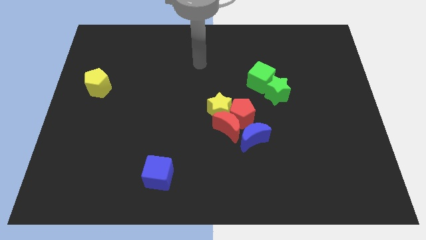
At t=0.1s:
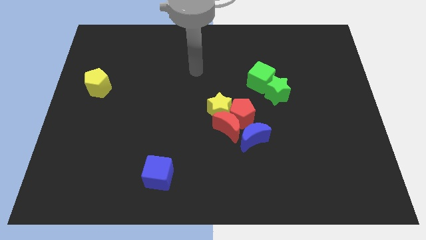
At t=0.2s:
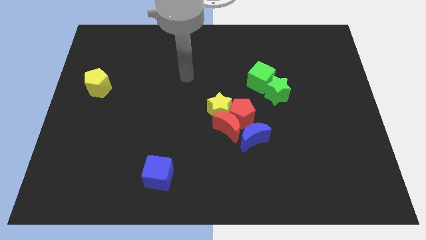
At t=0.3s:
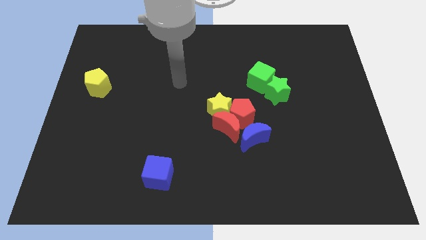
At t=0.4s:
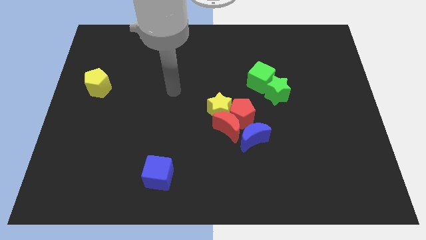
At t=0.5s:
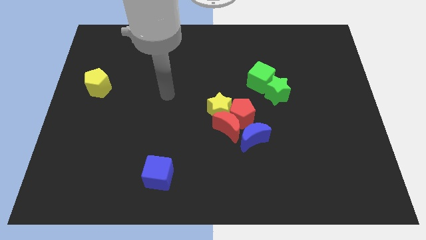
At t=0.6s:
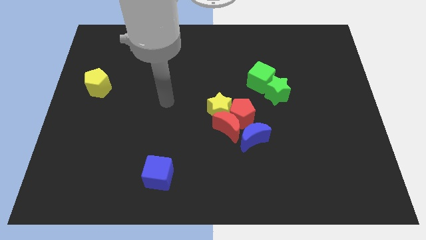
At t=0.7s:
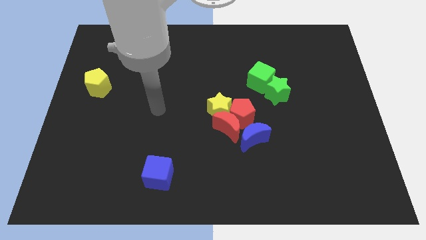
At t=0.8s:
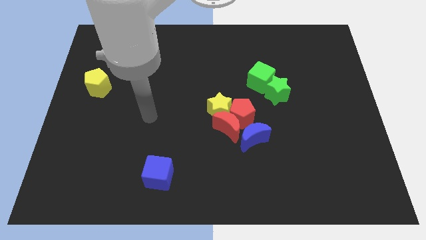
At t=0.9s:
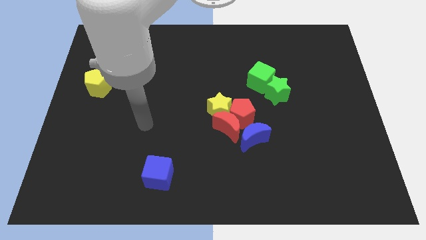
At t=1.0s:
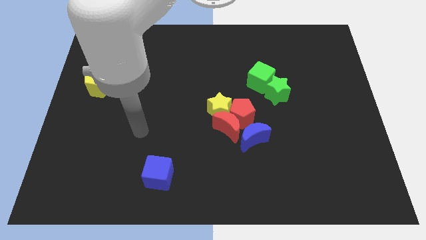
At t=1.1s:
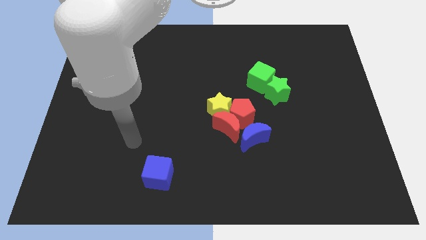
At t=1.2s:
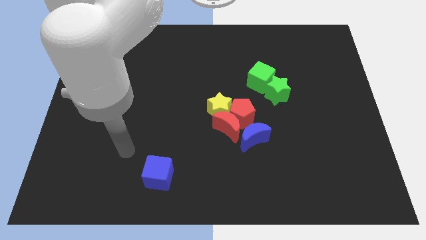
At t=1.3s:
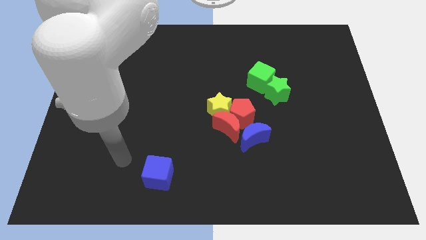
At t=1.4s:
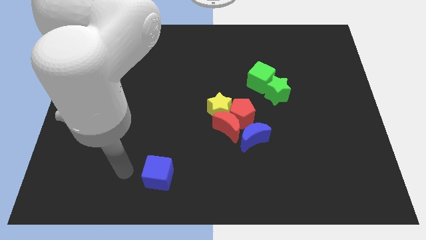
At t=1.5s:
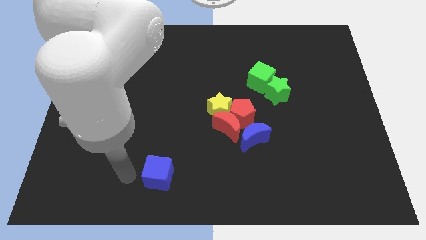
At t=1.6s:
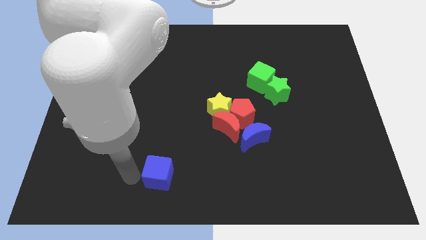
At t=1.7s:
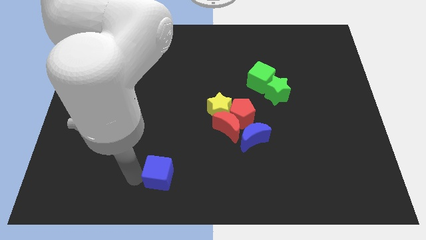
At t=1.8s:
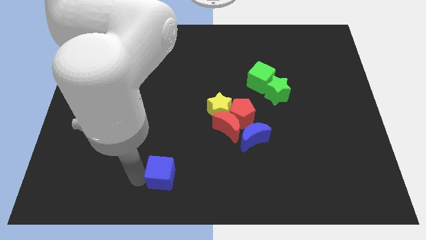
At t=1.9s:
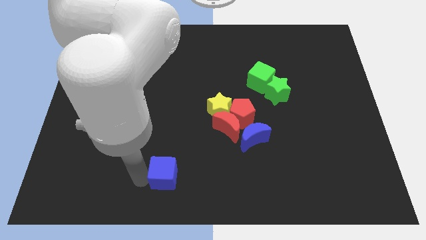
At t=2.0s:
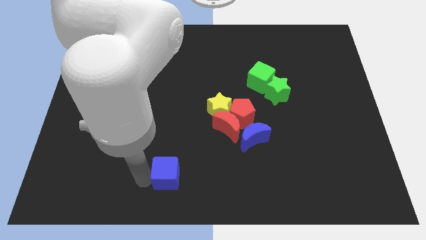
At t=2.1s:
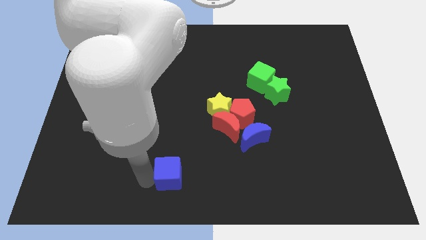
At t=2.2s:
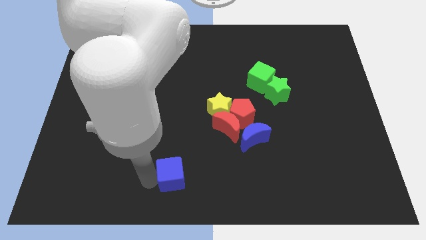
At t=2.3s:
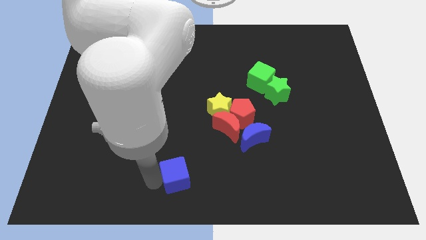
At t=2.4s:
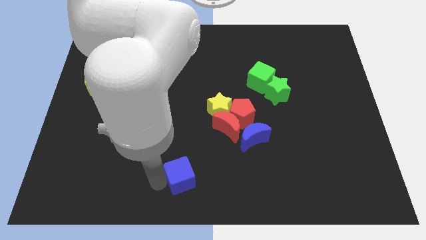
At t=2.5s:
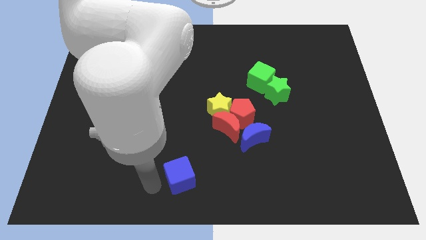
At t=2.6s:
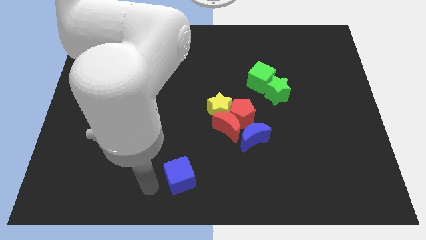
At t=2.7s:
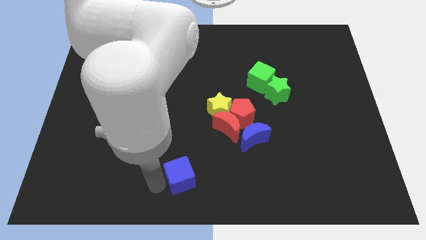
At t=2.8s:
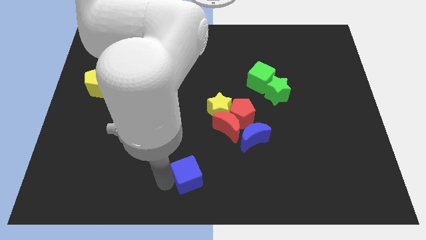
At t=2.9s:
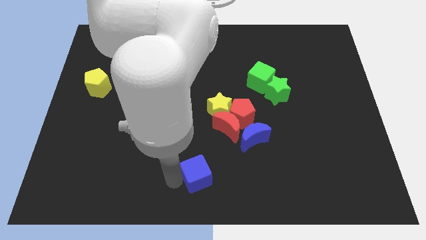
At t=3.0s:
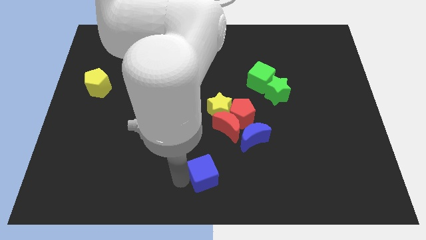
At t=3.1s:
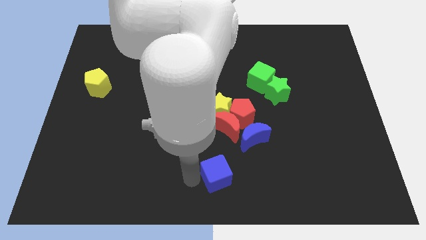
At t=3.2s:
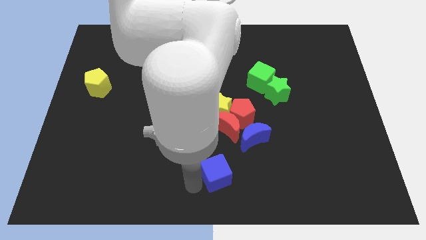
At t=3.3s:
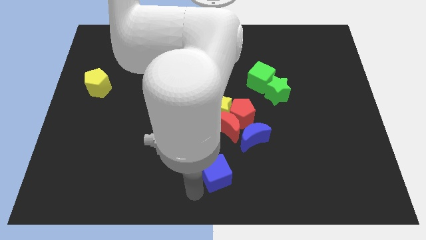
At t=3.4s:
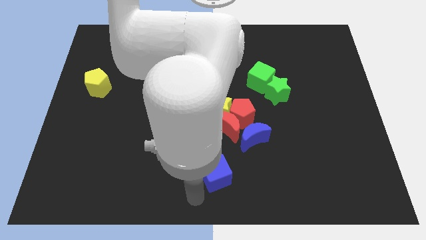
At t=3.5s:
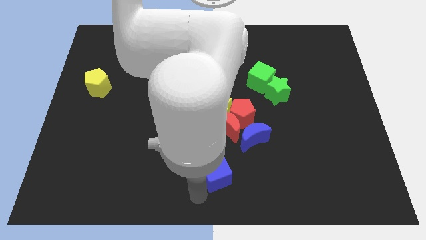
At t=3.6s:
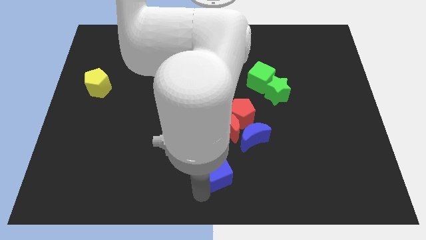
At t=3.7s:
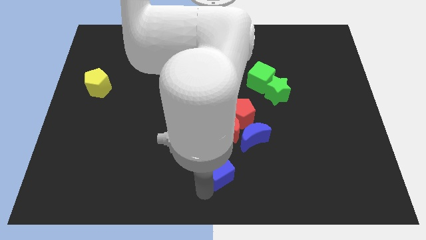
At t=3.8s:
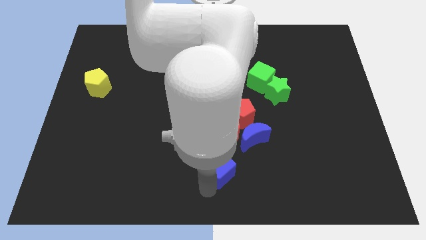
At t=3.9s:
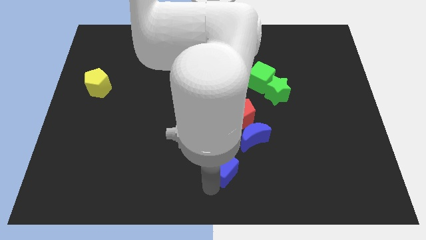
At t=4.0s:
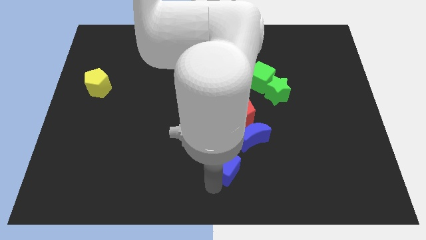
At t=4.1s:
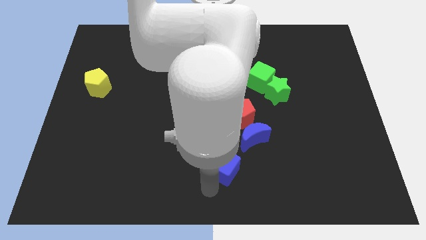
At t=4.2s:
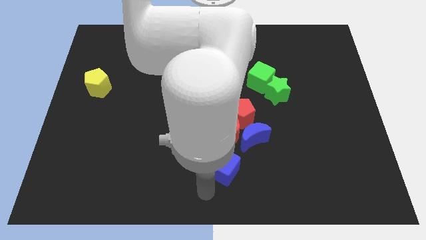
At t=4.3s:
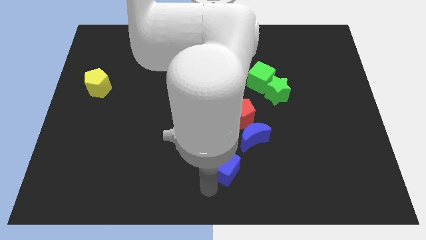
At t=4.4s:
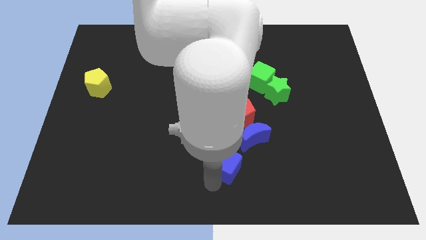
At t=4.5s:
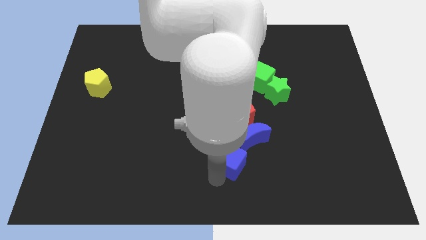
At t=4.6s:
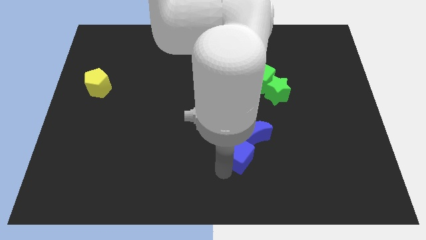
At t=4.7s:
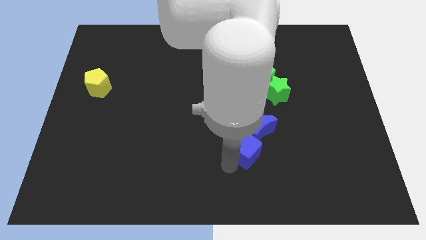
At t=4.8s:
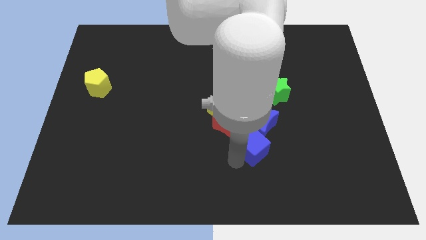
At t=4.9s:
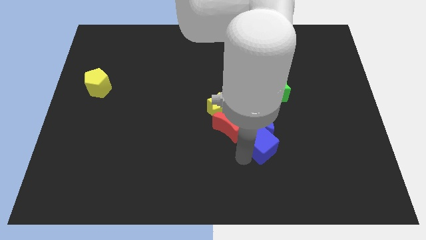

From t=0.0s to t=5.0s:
slide the blue cube close to the blue moon

====

What you should do
Copy out the listing above in full and leave out its pictures.

Reply
At t=0.1s:
At t=0.2s:
At t=0.3s:
At t=0.4s:
At t=0.5s:
At t=0.6s:
At t=0.7s:
At t=0.8s:
At t=0.9s:
At t=1.0s:
At t=1.1s:
At t=1.2s:
At t=1.3s:
At t=1.4s:
At t=1.5s:
At t=1.6s:
At t=1.7s:
At t=1.8s:
At t=1.9s:
At t=2.0s:
At t=2.1s:
At t=2.2s:
At t=2.3s:
At t=2.4s:
At t=2.5s:
At t=2.6s:
At t=2.7s:
At t=2.8s:
At t=2.9s:
At t=3.0s:
At t=3.1s:
At t=3.2s:
At t=3.3s:
At t=3.4s:
At t=3.5s:
At t=3.6s:
At t=3.7s:
At t=3.8s:
At t=3.9s:
At t=4.0s:
At t=4.1s:
At t=4.2s:
At t=4.3s:
At t=4.4s:
At t=4.5s:
At t=4.6s:
At t=4.7s:
At t=4.8s:
At t=4.9s:

From t=0.0s to t=5.0s:
slide the blue cube close to the blue moon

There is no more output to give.